Darren P. Lehrich - Deutsche Bank AG, Research Division
Got it. And then just as you referred to a number of the not-for-profit system deals you're looking at.
Are any of them going to have a similar flavor to what you have in Delta? Or they're just more traditional campus-related transactions for psych hospitals with hospital partners?
Joey A. Jacobs
They're going to be more traditional psych facilities because we have a med/surg partner that is working with us and had to own previously the psych hospital. So we have someone that will support us on the medical side, so there's no need to do that.
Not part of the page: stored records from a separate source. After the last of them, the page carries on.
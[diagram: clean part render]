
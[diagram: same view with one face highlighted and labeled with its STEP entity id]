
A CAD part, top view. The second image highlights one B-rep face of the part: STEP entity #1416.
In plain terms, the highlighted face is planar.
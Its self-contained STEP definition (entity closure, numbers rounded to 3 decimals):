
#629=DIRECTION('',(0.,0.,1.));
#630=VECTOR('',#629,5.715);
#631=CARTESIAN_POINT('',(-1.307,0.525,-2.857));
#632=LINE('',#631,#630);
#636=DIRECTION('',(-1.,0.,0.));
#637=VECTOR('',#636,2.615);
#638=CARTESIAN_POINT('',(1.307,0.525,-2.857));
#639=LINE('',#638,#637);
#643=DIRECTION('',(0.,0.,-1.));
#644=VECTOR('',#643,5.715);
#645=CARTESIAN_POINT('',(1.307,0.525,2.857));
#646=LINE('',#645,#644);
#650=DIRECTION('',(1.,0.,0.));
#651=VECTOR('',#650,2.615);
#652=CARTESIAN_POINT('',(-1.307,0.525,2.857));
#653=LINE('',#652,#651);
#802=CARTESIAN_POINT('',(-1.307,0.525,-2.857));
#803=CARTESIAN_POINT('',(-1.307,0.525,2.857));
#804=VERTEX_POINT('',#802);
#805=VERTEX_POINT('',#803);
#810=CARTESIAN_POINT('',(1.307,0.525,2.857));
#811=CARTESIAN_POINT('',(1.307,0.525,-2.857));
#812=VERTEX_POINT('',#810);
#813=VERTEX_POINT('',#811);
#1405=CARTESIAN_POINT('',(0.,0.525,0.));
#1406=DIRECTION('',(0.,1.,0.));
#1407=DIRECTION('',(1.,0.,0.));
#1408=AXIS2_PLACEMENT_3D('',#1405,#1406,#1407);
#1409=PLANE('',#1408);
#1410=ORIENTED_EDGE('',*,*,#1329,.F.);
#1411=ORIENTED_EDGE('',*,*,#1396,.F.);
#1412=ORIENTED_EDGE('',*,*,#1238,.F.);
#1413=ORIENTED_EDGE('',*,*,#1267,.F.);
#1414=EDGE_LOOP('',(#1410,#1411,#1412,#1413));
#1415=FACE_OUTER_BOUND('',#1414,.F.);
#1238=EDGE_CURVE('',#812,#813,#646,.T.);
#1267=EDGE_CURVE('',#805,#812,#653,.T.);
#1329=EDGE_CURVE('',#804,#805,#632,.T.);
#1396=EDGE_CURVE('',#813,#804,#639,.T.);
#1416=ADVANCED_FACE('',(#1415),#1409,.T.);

Delta is kind of a one-off opportunity for us. And so the not-for-profits that we're looking at right now are just purely psych acute facilities.
Darren P. Lehrich - Deutsche Bank AG, Research Division
Okay, that's helpful. And then also, I wanted to ask you about your bed expansion program.
And you're obviously giving us some flavor for 2014 at 300 new beds. Can you maybe just talk a little bit about CapEx that you think you'll need to deploy for those beds?
Is there anything different about the next 300 beds, in terms of how they'll be configured or how much they'll cost relative to what you have been spending? And maybe just an update on that.
Joey A. Jacobs
It's going to be very similar to what we've done in the past, Darren. If we build 300 beds, I would say CapEx probably around $30 million for that expansion.
So might be a little bit higher, might be a little bit lower, but it's about $100,000 a bed. So it looks very similar to what we've done this year and last year.
Darren P. Lehrich - Deutsche Bank AG, Research Division
Okay, that's great. And then just last question.
Could you just give us the facility and bed count in your same-store grouping?
David M. Duckworth
Yes, we have facilities in our same facility group with almost 2,600 beds in that group.
Operator
And that will conclude the Q&A session for today. I'd like to turn the call back over to Mr.
Jacobs for any additional or closing remarks.
Joey A. Jacobs
Thank you very much. I just want to thank all of our facilities and the team out there on the ground that does the work, that takes care of our patients and our families, and the clinicians that practice in our facilities.
I want to thank them. Thank you all for our great 2013, for the first 9 months.
We've got 3 more months to go to close out this year. So thanks for all what you're doing to finish strong here.
And I'll be going down soon to visit our facility in Tampa. So I look forward to getting out and visiting that facility.
So once again, thanks for your interest in Acadia. If you have any questions -- additional questions, please do not hesitate to contact us directly.
Hope everyone has a great day and thanks and goodbye.
Operator
And that will conclude today's conference. We thank you for your participation.